EXERCISE OBJECTIVE » Repeat exactly the stretch of lines that starts with the one containing "Gel camera. Picture" and ends with the last line of the material. Leave out pictures.
Start of EXERCISE INPUTS
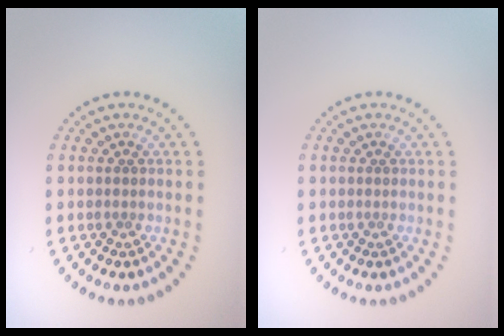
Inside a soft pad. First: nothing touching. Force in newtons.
{"total": 0.0}
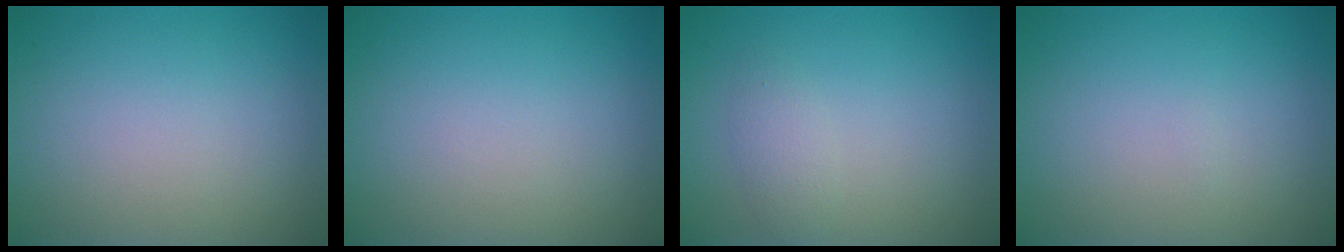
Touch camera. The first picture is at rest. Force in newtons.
{"total": 0.0}
{"total": 1.5, "press": 1.5, "slide": 0.2}
{"total": 0.0}
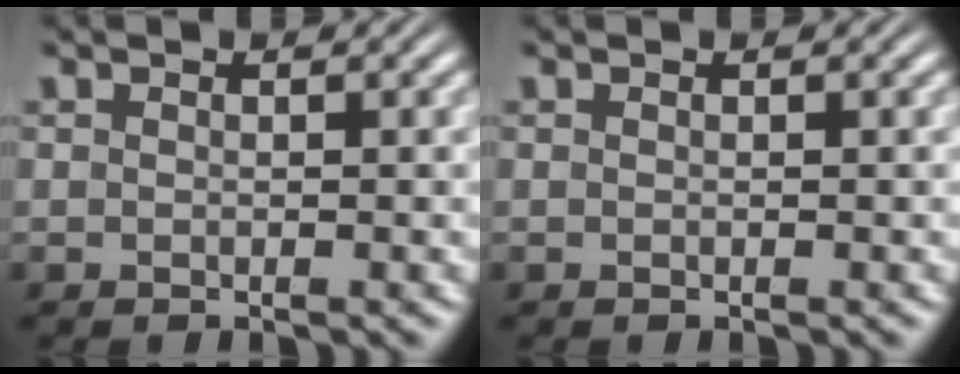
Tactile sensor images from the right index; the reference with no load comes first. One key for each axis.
{"total": 0.0}
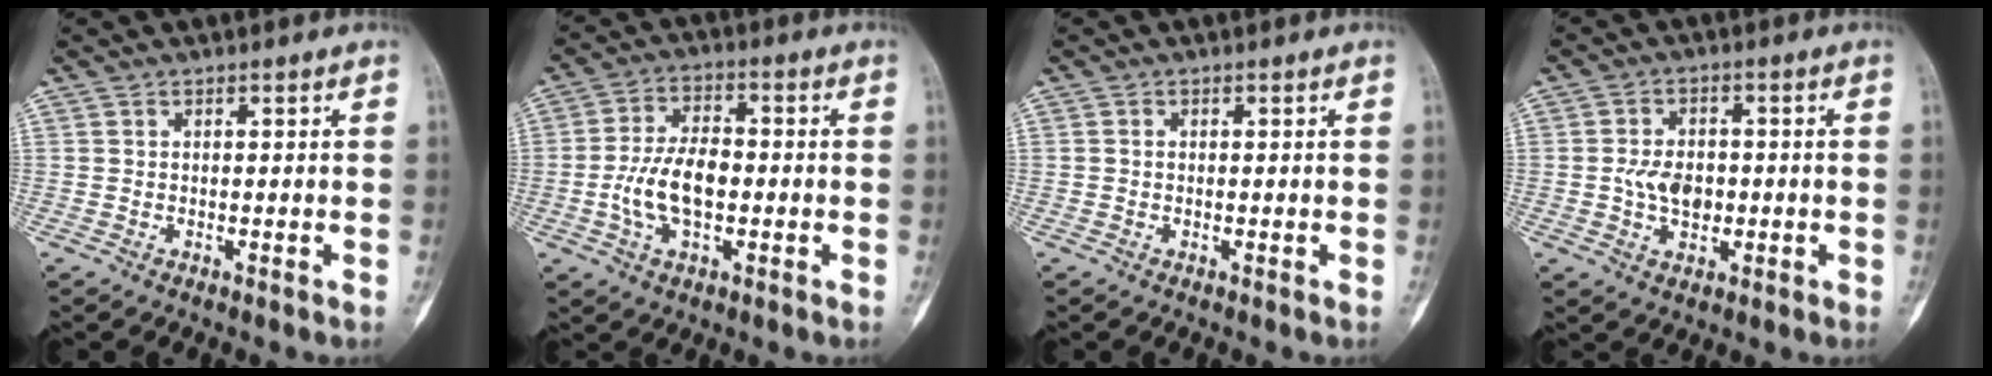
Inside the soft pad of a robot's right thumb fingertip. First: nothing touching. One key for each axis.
{"total": 10.5, "fx": -1.8, "fy": 5.8, "fz": 8.6, "tx": -0.157, "ty": 0.020, "tz": -0.036}
{"total": 0.6, "fx": -0.1, "fy": 0.5, "fz": 0.3, "tx": -0.001, "ty": 0.002, "tz": -0.004}
{"total": 8.0, "fx": -2.1, "fy": 5.7, "fz": 5.2, "tx": -0.063, "ty": 0.028, "tz": -0.044}
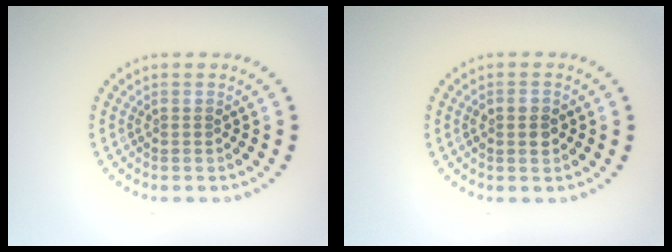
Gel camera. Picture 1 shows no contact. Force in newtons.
{"total": 1.2, "press": 1.2, "slide": 0.1}
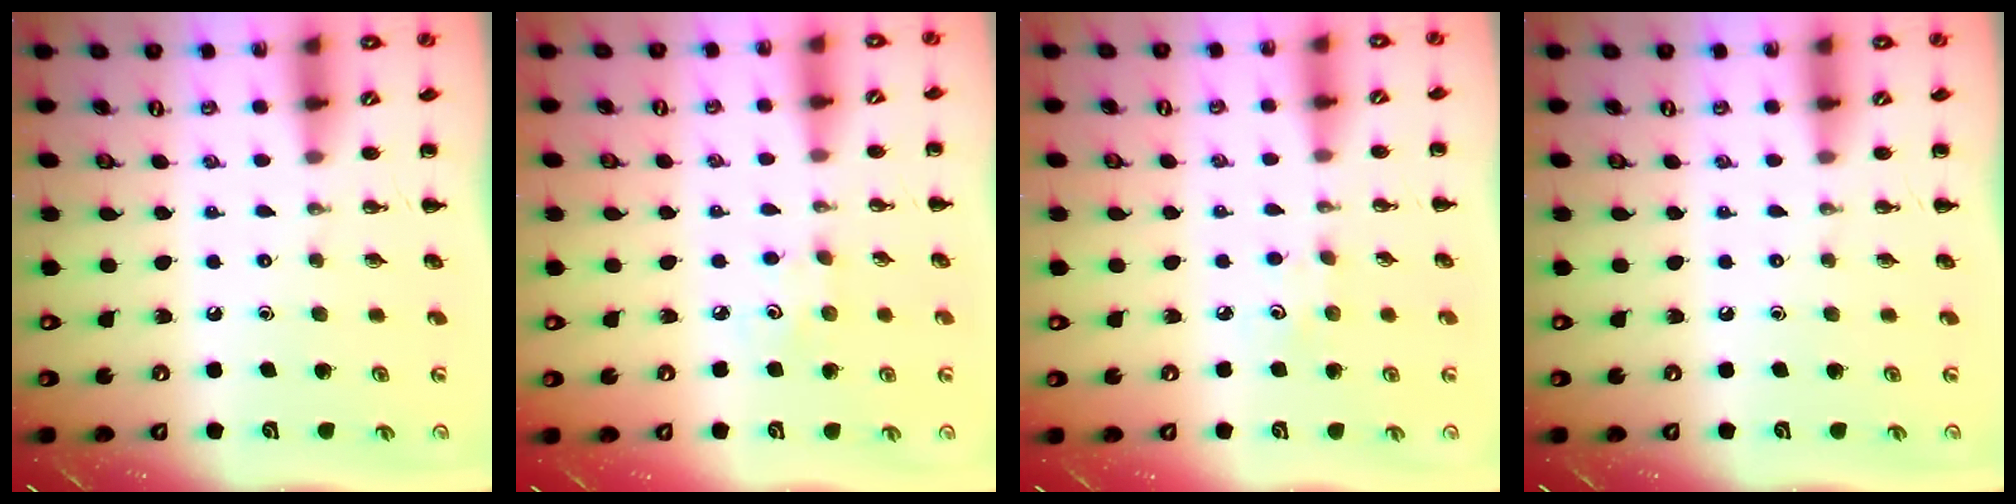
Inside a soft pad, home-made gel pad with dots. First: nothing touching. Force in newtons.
{"total": 3.7, "press": 3.6, "slide": 0.9}
{"total": 4.0, "press": 3.8, "slide": 1.0}
{"total": 0.0}
End of EXERCISE INPUTS
OUTPUT FOR THIS TASK »
Gel camera. Picture 1 shows no contact. Force in newtons.
{"total": 1.2, "press": 1.2, "slide": 0.1}
Inside a soft pad, home-made gel pad with dots. First: nothing touching. Force in newtons.
{"total": 3.7, "press": 3.6, "slide": 0.9}
{"total": 4.0, "press": 3.8, "slide": 1.0}
{"total": 0.0}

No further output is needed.